This guy has a great lesson on how to properly do it with the fretting hand to help with the synchronization of both hands. The main take away that helped me was how he kinda leans his finger into the motion, and supports it with his index finger. He talks about this around 12:30. I know though I can guarantee if I do this alot in my living arrangements someone will definitely break my guitar cause they will get tired of hearing me do it. :smiley:

My experience with learning rotation, FWIW:

I could always do a fast rotation in the air with my right forearm, but it took me about a month to convert that into a fast tremolo that was reliable.
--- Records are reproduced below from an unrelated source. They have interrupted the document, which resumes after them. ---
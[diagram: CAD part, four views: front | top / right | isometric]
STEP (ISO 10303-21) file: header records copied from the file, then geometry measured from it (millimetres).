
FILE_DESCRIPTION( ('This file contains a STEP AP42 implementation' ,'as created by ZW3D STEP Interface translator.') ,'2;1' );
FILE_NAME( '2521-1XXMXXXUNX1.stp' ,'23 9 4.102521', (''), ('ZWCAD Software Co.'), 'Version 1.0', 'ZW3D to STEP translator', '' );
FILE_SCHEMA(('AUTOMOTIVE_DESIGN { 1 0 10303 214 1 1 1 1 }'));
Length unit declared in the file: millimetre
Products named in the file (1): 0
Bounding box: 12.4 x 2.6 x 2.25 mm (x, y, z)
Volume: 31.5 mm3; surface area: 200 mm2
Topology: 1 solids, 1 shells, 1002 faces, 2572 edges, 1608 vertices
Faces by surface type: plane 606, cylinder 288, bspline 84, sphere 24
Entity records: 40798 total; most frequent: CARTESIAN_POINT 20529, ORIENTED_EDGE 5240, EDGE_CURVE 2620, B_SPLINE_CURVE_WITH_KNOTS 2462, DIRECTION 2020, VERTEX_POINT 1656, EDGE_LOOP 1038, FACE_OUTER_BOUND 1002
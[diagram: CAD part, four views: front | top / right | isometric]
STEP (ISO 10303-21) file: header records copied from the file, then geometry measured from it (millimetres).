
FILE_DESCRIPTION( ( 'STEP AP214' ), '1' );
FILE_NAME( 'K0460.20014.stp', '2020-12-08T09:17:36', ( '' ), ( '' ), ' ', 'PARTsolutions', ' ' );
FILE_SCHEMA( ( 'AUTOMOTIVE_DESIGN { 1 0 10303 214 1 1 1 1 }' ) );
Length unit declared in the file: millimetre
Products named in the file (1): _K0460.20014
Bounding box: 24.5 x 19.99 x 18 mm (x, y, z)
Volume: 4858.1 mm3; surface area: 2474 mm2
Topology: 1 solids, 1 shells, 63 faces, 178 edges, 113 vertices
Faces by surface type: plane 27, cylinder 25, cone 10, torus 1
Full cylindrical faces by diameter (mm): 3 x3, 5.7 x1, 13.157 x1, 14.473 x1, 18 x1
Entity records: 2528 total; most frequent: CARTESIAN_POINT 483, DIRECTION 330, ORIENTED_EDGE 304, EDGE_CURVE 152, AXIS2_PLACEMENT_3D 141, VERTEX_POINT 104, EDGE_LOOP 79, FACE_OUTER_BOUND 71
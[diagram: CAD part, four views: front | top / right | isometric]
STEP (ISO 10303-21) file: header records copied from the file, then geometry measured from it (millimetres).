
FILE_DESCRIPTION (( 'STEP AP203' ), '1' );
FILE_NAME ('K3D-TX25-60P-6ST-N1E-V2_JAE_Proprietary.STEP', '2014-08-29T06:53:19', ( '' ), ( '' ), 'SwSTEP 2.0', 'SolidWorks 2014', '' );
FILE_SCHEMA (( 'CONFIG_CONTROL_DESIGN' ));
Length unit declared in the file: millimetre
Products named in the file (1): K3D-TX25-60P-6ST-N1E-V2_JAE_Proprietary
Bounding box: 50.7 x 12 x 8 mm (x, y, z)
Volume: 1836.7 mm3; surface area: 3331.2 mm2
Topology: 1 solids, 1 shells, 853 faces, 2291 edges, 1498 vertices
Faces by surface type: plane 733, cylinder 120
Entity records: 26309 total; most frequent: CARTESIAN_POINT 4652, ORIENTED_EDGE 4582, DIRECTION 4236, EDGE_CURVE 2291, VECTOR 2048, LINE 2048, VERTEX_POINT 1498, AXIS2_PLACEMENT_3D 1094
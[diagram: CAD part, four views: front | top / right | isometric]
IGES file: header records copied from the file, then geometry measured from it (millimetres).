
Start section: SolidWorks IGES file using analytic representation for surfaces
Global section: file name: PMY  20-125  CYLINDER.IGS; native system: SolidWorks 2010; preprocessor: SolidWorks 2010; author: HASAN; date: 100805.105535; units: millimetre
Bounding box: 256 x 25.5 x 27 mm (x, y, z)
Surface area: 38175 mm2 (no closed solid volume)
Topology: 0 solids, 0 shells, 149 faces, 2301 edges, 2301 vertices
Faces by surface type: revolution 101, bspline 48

I can do it easily and maybe never get exhausted. (I tested it once and stopped after 5 minutes because I didn’t feel any fatigue at all and I figured there was no practical application to go any longer. I don’t play those kinds of songs :metal:t5: :japanese_ogre: :skull_and_crossbones: :face_with_symbols_over_mouth: :skull: :jack_o_lantern: :crossed_swords: :coffin: :metal:t5:)

I couldn’t do it in the air with my left hand at all. Not fast, not even slow. My approach to bending and vibrato was sloppy and based on wrist extension rather than rotation, so I decided to see if I could learn how to rotate fast with my left hand somehow. I isolated the muscles by starting very slow (40 bpm quarter notes), and eventually started speeding it up. I practiced it for 30 seconds at a time, about 10 times a day. It took me about 2 weeks until I could do it fast and reliably. That was maybe 4 years ago. Once I got it working, it never felt like there was any danger I would lose it again. (I think it’s just like flaring your nostrils, crossing your eyes, or raising one eyebrow: once you’ve isolated the appropriate muscles you don’t forget how to do it.) It’s not as fast as my right handed rotation, and it gets exhausted pretty quickly: after about 60 seconds or so it starts to get a bit uncontrollable.
I mention this for two reasons:

  1. It can be learned, but it may take some time to get it started and the tail may be very long.
  2. My vibrato and bending were immediately and dramatically improved after this experience, which was my goal in this case.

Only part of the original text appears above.